8 plus boolean True, if sequence corresponds to the plus-strand.
9 aContent float Content of adenin in the sequence (%).
10 cContent float Content of cytosine in the sequence (%).
11 gContent float Content of guanine in the sequence (%).
12 uContent float Content of uracil in the sequence (%).
13 endLoopNumber int Number of end-loops in the structure.
14 endLoop4Number int Number of tetra-loops in the structure.
15 endLoop5Number int Number of penta-loops in the structure.
16 bulgeNumber int Number of bulges in the structure.

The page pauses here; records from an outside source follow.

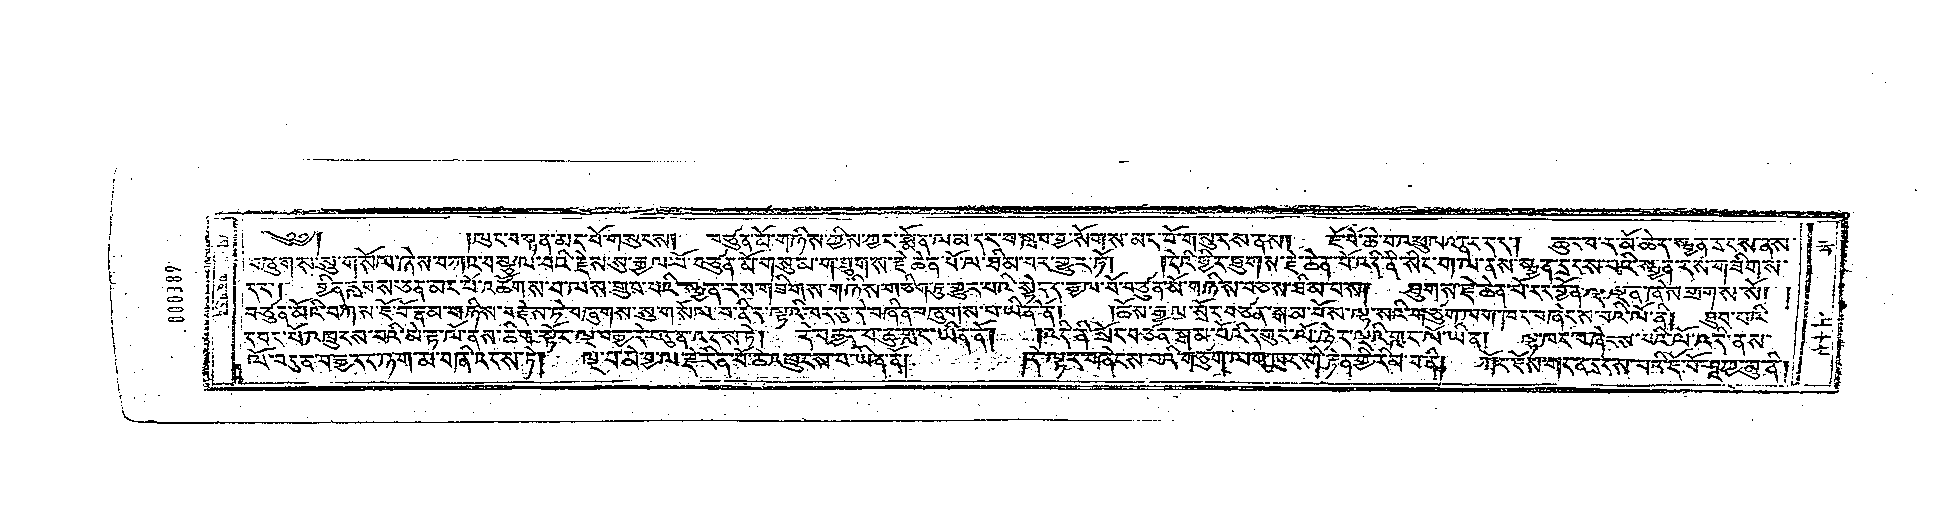༄༅། །ལུང་བསྟན་མང་པོ་གསུངས། བཙུན་མོ་གཉིས་ཀྱིས་ཀྱང་སྨོན་ལམ་དང་བསླབ་བྱ་སོགས་མང་པོ་གསུངས་ནས། ཇོ་བོ་ཆེ་བ་འཕྲུལ་ནད་དང་། ཆུང་བར་མོ་ཆེར་སྤྱན་དྲངས་ནས་
བཞུགས་སུ་གསོལ་ཉེས་བཀའ་བསྩལ་བའི་རྗེས་སུ་རྒྱལ་པོ་བཙུན་མོ་གསུམ་ག་ཐུགས་རྗེ་ཆེན་པོ་ལ་ཐིམ་པར་གྱུར་ཏོ། །དེའི་ཕྱིར་ཐུགས་རྗེ་ཆེན་པོ་འདི་ནི་སིང་ག་ལ་ནས་སྤྱན་དྲངས་བའི་སྤྱན་རས་གཟིགས་
དང་། བྱིན་རླབས་ཅན་མང་པོ་འཚོགས་པ་ལས་གྲུབ་པའི་སྤྱན་རས་གཟིགས་གཉིས་གཅིག་ཏུ་གྱུར་པའི་སྟེང་དུ་རྒྱལ་པོ་བཙུན་མོ་གཉིས་བཅས་ཐིམ་པས། ཐུགས་རྗེ་ཆེན་པོ་རང་བྱོན་ལྔ་ལྡན་ཞེས་གྲགས་སོ། །
བཙུན་མོའི་བཀས་ཇོ་བོ་རྣམ་གཉིས་བརྗེས་ཏེ་བཞུགས་སུ་གསོལ་བ་ནི་ད་ལྟའི་བར་དུ་དེ་བཞིན་བཞུགས་པ་ཡིན་ནོ། །ཆོས་རྒྱལ་སྲོད་བཙན་སྒམ་པོས་ལྷ་སའི་གཙུག་ལག་ཁང་བཞེངས་བའི་ལོ་ནི། ཐུབ་པའི་
དབང་པོ་འཁྲུངས་པའི་མེ་རྟ་ལོ་ནས་ཆིག་སྟོང་ལྔ་བརྒྱ་རེ་བདུན་འདས་ཏེ། རེ་བརྒྱད་པ་ཆུ་གླང་ཡིན་ནོ། །འདི་ནི་སྲོང་བཙན་སྒམ་པོའི་དགུང་ལོ་ཉེར་ལྔའི་གླང་ལོ་ཡིན། ལྷ་ཁང་བཞེངས་པའི་ལོ་འདི་ནས་
ལོ་བདུན་བརྒྱ་དང་ཉག་མ་བཞི་འདས་ཏེ། ལྔ་པ་མེ་བྱ་ལ་རྗེ་རིན་པོ་ཆེ་འཁྲུངས་པ་ཡིན་ནོ། །དེ་ལྟར་བཞེངས་པའི་གཙུག་ལག་ཁང་གི་རྟེན་གྱི་རིམ་བ་ནི། ཀོང་ཇོས་གདན་དྲངས་པའི་ཇོ་བོ་ཤཱཀྱ་མུ་ནི།

17 internalLoopNumber int Number of internal loops in the structure.
18 joinNumber int Number of joins in the structure.
19 componentNumber int Number of substructures in the structure.
20 basePairNumber int Number of base-pairs in the structure.
21 endLoopSize float Average size of end-loops.
22 internalLoopSize float Average size of internal loops.
23 bulgeSize float Average size of bulges.
24 endLoopBases float Number of nucleotides in end-loops (%).
25 internalLoopBases float Number of nucleotides in internal loops (%).
26 bulgeBases float Number of nucleotides in bulges (%).
27 stackBases float Number of nucleotides in stacks (%).
28 joinBases float Number of nucleotides in joins (%).
29 externalBases float Number of external nucleotides at the 3'- and 5'-end plus intern external nucleotides (%).
30 internExternalNumber int Number of unpaired nucleotides on the baseline (not in loops or joins and not at the 3'- and 5'-end).
31 external5Number int Number of external nucleotides at the 5'-end.
32 external3Number int Number of external nucleotides at the 3'-end.
33 loopDegree float Average loop-degree (How many stacks originate from one loop?).
34 seq string 110 nucleotides of genes (AUG +4 nucleotides of the coding region and 103 nucleotides upstream of AUG).
35 struct string Structure prediction in dot-bracked annotation.
36 connectStruct string Structure prediction in graph-annotation, corresponding to ct-file from mfold output.